I spent the morning downtown meeting with my divorce lawyer. Among other things, TAB is refusing to pay to treatments that have already happened and have been agreed to in mediation. It’s ridiculous how much money has been burned in this divorce – but that is exactly what a scorched earth divorce is. The depths this man will go to to cause chaos and pain is incredible.
What I have learned in this process is to pass off as much stress and anger as I possibly can. I have kids in crisis who are damaged and scared as a result of life with an abusive narcissist. That really needs to take up my time and focus, not worrying about the grenades he continues to launch.
I have a great lawyer. She’s good at her job, and I click with her personally. I feel really fortunate about this. She gets who TAB is and understands the chaos and crazy he tries to create. I trust her, and I am able to hand off a lot of my worry and stress to her. It means I can take a deep breath and focus on what is important – my kids, my sanity.
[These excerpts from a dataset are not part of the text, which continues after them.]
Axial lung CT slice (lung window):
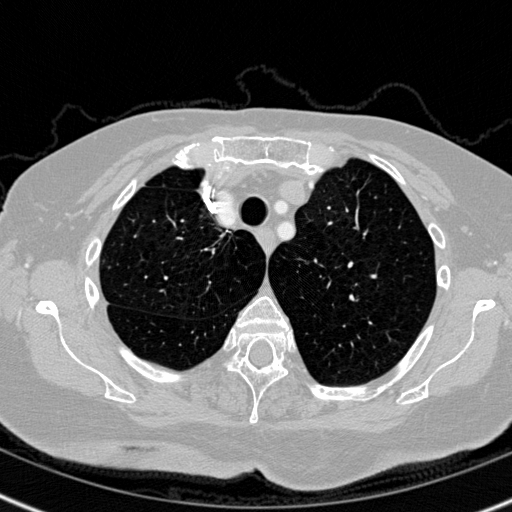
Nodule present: no
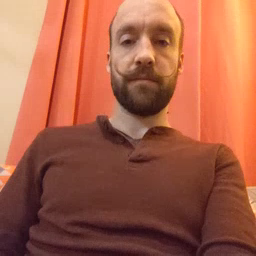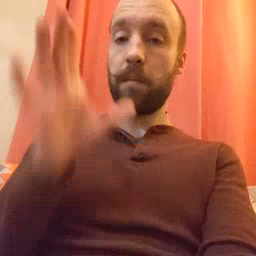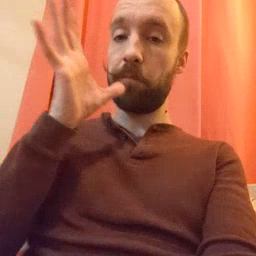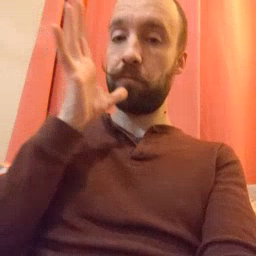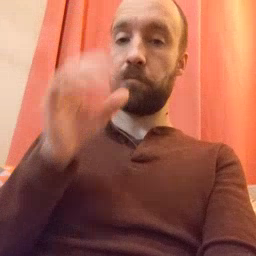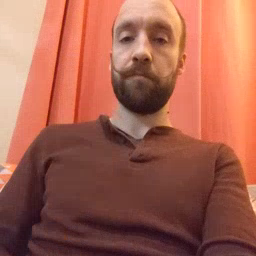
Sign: mom
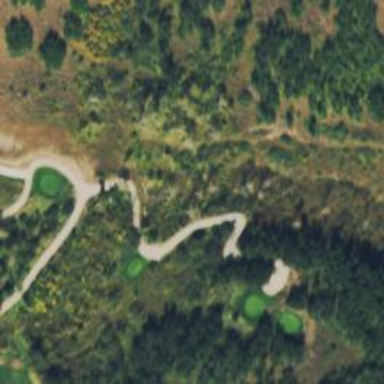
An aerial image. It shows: Well-maintained path intended for golf.
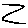
Label: zigzag
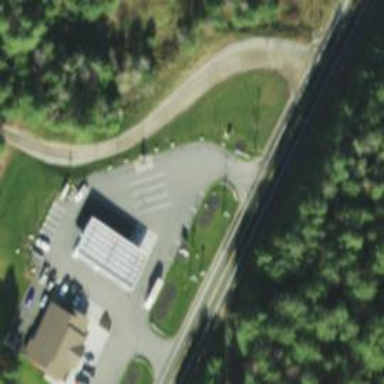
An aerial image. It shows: Convenience shop.

We spent a lot of time today developing a game plan to move ahead. I don’t want to spend the rest of my life fighting, but I also need to resolve some really big financial issues so that the kids and I are protected. It’s a big price I paid giving up my career to raise the kids while he became a very successful business man. And yet, even being in this place where he has tried his hardest to leave us destitute and broken, I wouldn’t change my years at home with my kids for anything.
I feel like he’s trying to break me. Even still, when I haven’t laid eyes on him in almost two years, he’s still trying to destroy me. It’s not just being dramatic. I spent the last years of our marriage hearing him tell me how he was going to either off me himself or drive me to a place where I lost the will to live.
I’m stronger than he thinks I am. So are my kids.